The Hawkeyes are 10-0 and they can thank their veteran head coach who is totally not a robot.

A lot of humans clap their hands
A lot of humans clap their hands
Jeffrey Becker-USA TODAY Sports

Iowa is 10-0 for the first time in program history.

Nobody could have predicted that - certainly not a machine.

And that, in a sense, is why we are where we are now.

You see, there is no "New Kirk." There is just human Kirk and he is putting his blood, sweat and tears (all human features no less) into making the Hawkeyes one of the best teams in the country.

He's certainly no android, that's for sure. We know it, and importantly Kirk knows it.
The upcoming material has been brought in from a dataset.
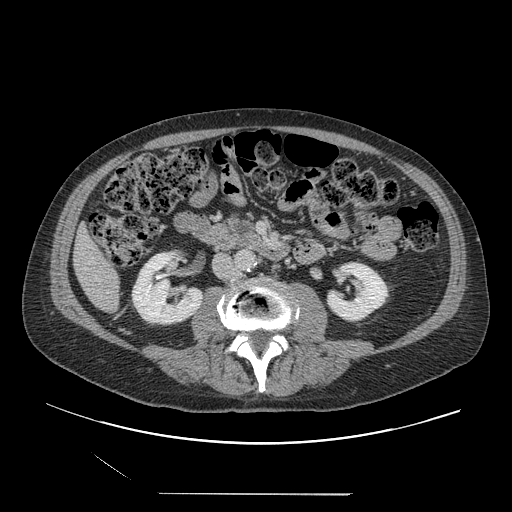

CT image, Abdomen, 512x512
Segmented structures:
* pancreatic tumor: left=235, top=220, right=251, bottom=236
* pancreas: left=211, top=213, right=262, bottom=249

I'm not sure that was always the case. In fact, I've long held the suspicion that Ferentz identified himself as a cyborg, designed to coach football, run a zone blocking scheme and punt the ball.

Last year's season took the cake. Iowa ran the same repetitive game plan (repetitive action is a machine's best friend) and did it with personnel that did not suit it. In a nutshell, Iowa was unable to adapt. And that is because Kirk Ferentz believed he was a robot.

Think about it... the gum-chomping, the continuous note-taking, the clapping no matter how a drive ended. You could totally see Arnold Schwarzenegger doing those things in one of the Terminator movies.

And just like the Terminator movies had a famous catchphrase, so too did the 2014 Iowa football season.

That's football.

So simple, so succinct, so efficient. It is totally something a man thinking he was a robot thinking he was a football coach would say. And guess what: that's football is three syllables. Know what else is? I'll be back. We're through the looking glass people.

So what prompted the change, how did we get human Kirk?

Well, like many of the good things this season, you do not have to look much further than junior cornerback Desmond King.

Let me set the scene. 12:15 to go in the first quarter, Tennessee ball on 2nd-and-11. Jalen Hurd takes a handoff gets to the edge and is pushed out of bounds by King after a gain of 25 yards.

King cannot stop, however, and ends up bowling into someone on the sideline. That someone was Kirk Ferentz.

Ferentz takes a big tumble, but gets up (a robot after all is indestructible). Ferentz, though, also has a gash by his eyebrow. That's not oil. It's blood. You know, like a human would have.

Ferentz not surprisingly is rattled and it rubs off on his team. The Volunteers run roughshod over Iowa, while the Hawkeyes produce one of the worst kickoff returns of all time.

I hope you get a good look at the picture above. That is the look a man gives when he is contemplating whether he truly is a robot or not.

We learned what Ferentz decided in short order. Iowa released a new depth chart just days after the bowl game, then made a very human decision in choosing a change from the norm and switching up quarterbacks.

All during the offseason, Ferentz talked of how his program was forced to evaluate everything. If that's not a subtle hint that screams: "I'm sorry I thought I was an android built exclusively to coach football, was hit in the head, noticed I was bleeding, realized I was actually human and am now using all of those human traits to my advantage" I don't know what is.

And now here we are. Iowa has used a varied running attack, broken out a fake field goal or two and rode the arm and moxie of its quarterback to a 10-0 mark. Kirk Ferentz is sitting in a giant nest for god's sake. The Hawkeyes are the most human they've ever been and they can thank their human head coach.

That is football. And totally human because I left out the apostrophe.